The line of departure of the small landing craft was set 11 miles from the beaches. This transport unloading area had been called for by General Bradley to keep heavy German artillery at Pointe du Hoc from hitting the loaded troopships. (Eisenhower, 269)

The DD tanks were loaded in 112-foot or 120-foot open-decked tank landing craft (LCT) and were to debark over the lowered bow ramp a thousand yards or more from the beach. These were to be part of the critical artillery support for the assault infantry. Between a thousand and two thousand yards behind the beach is the main Vierville-Colleville coastal road linking the coastal towns and villages. This road was the objective for D-Day.

* * *

--18--

The shoreline behind the beaches at Omaha is quite varied. To the west, toward the Pointe de la Percee, a hundred-foot cliff rises vertically behind the beach, and rocks appear off shore. East of this, along Charlie Beach, the beach widens somewhat and the cliffs become rugged bluffs. Just east of Charlie Beach was the first exit, designated D-1. A paved road goes some 600 yards from the beach up a shallow draw to the village of Vierville-sur-Mer on the coastal road. At the entrance to D-1 the paved road from Vierville turns eastward and runs for a mile along Dog Green and Dog White beaches. Along this stretch the seawall at the high water line is 4 to 8 feet high. Along the paved road villas are spaced 50 to 100 yards apart; this group of houses is called Hamel-au-Pretre. Behind the villas the ground slopes easily to about 75 feet above sea level and continues, more gently, to level ground at about 120 feet.

A mile and a quarter east of D-1 was Exit D-3, at the dividing point between Dog Red and Easy Green. A village in the mouth of the draw is called Les Moulins. A paved road goes up the shallow draw to join the coast road at St.-Laurent-sur-Mer. The third exit, E-1, is another three-quarters of a mile eastward. This leads up the valley of a shallow stream called the Riviere Rouquet. The draw rises to a plateau about halfway between St.-Laurent-sur-Mer and the village of Colleville-sur-Mer. In this area the flatter ground above the beach is about 150 feet high, but the bluffs are not too steep. The bottom of the E-1 draw is wooded. A dirt road climbs from the beach along the west side of the draw into the outskirts of St.-Laurent. This exit served Easy Red beach.

About a mile east of Exit E-1 is a much larger, gentler, valley with a wide mouth at the beach and a paved road following its right side for three-quarters of a mile into the center of Colleville-sur-Mer. This was Exit E-3. Except for the last few hundred yards into Colleville, the road grade is very gentle. Because this little valley is such a natural route inland from the beaches, it was heavily defended by the Germans. This exit served Easy Red and part of Fox Green.

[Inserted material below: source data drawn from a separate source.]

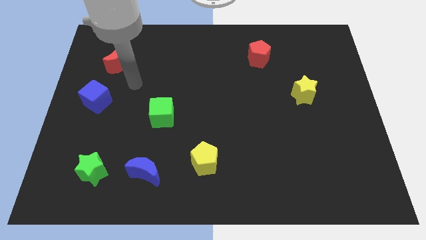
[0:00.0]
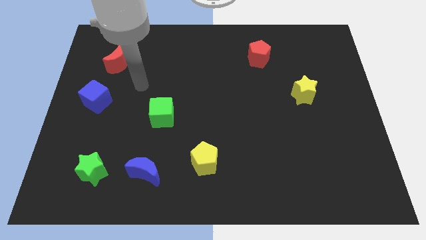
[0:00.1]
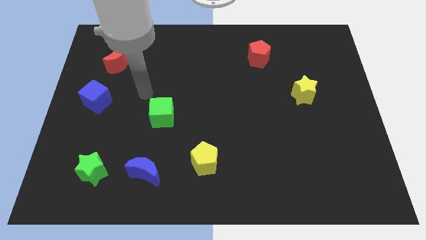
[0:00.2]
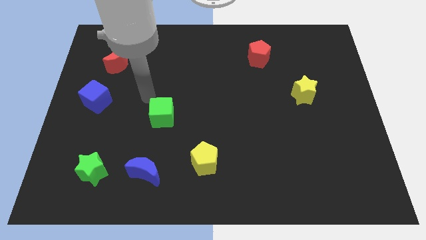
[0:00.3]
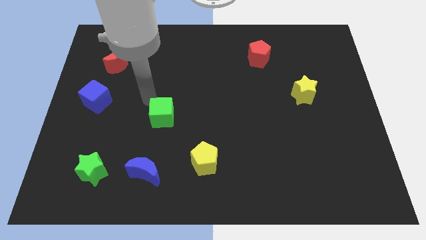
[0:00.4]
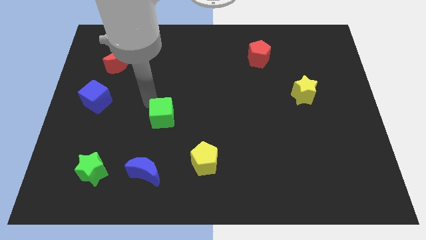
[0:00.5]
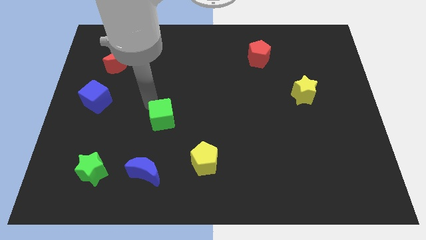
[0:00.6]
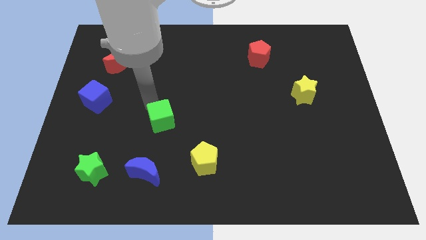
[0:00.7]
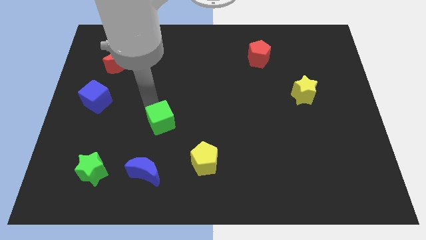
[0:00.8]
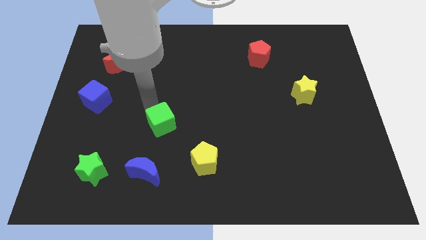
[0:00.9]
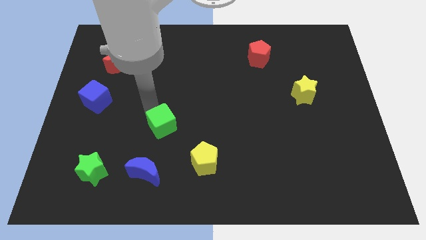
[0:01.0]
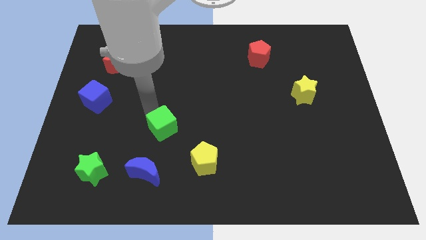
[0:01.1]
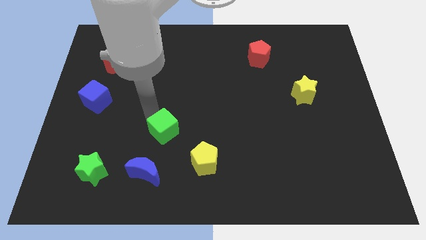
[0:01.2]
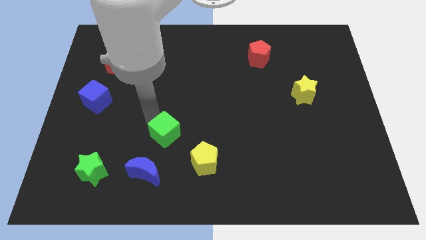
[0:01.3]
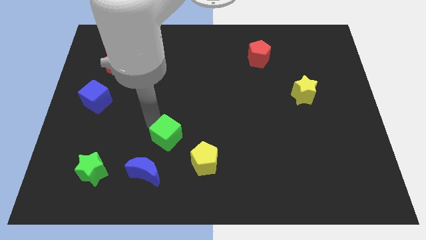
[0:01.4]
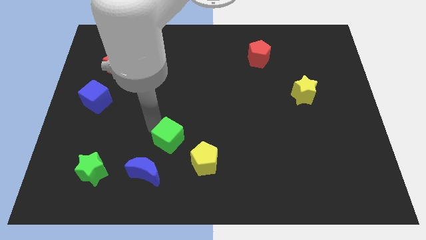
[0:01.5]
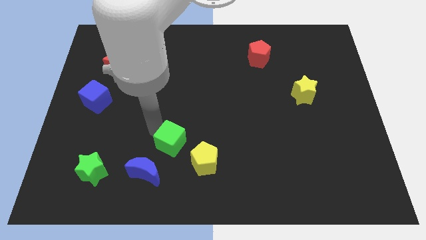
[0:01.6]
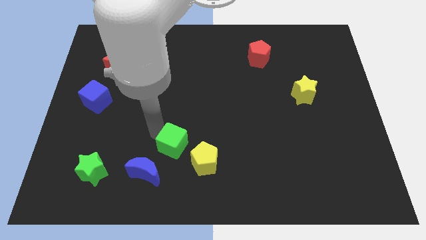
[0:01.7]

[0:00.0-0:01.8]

Continuing east from Exit E-1 to the next draw, the bluffs are rather steep and lead to cultivated fields between Colleville and a smaller village, Cabourg. There were a few buildings along this stretch. This exit draw was designated F-1, and served the eastern half of Fox Green. It was a short, steep climb for about 550 yards to an elevation of 165 feet above mean sea level. This is a slope of about 14 percent, difficult for heavy vehicles though a dirt road of sorts ran along the west side of the draw to Cabourg.

From the eastern end of Fox Green to Port-en-Bessin the bluffs are very steep, rising about 200 feet above sea level. A little draw, about three miles east of F-1, leads inland toward Ste.-Honorine-des-Pertes, but it has no beach.

***

--19--

The morning of 6 June was wet and windy; seas were 3 to 6 feet. Launching and loading the landing craft started just after 0400. It was rough going; some boats got dropped or smashed. Some men were dumped into the ocean, and others got fouled in the cargo nets that the troops used to climb down the sides of the transports to the landing craft. Soldiers got very seasick after being in the rough-riding small craft for over two hours.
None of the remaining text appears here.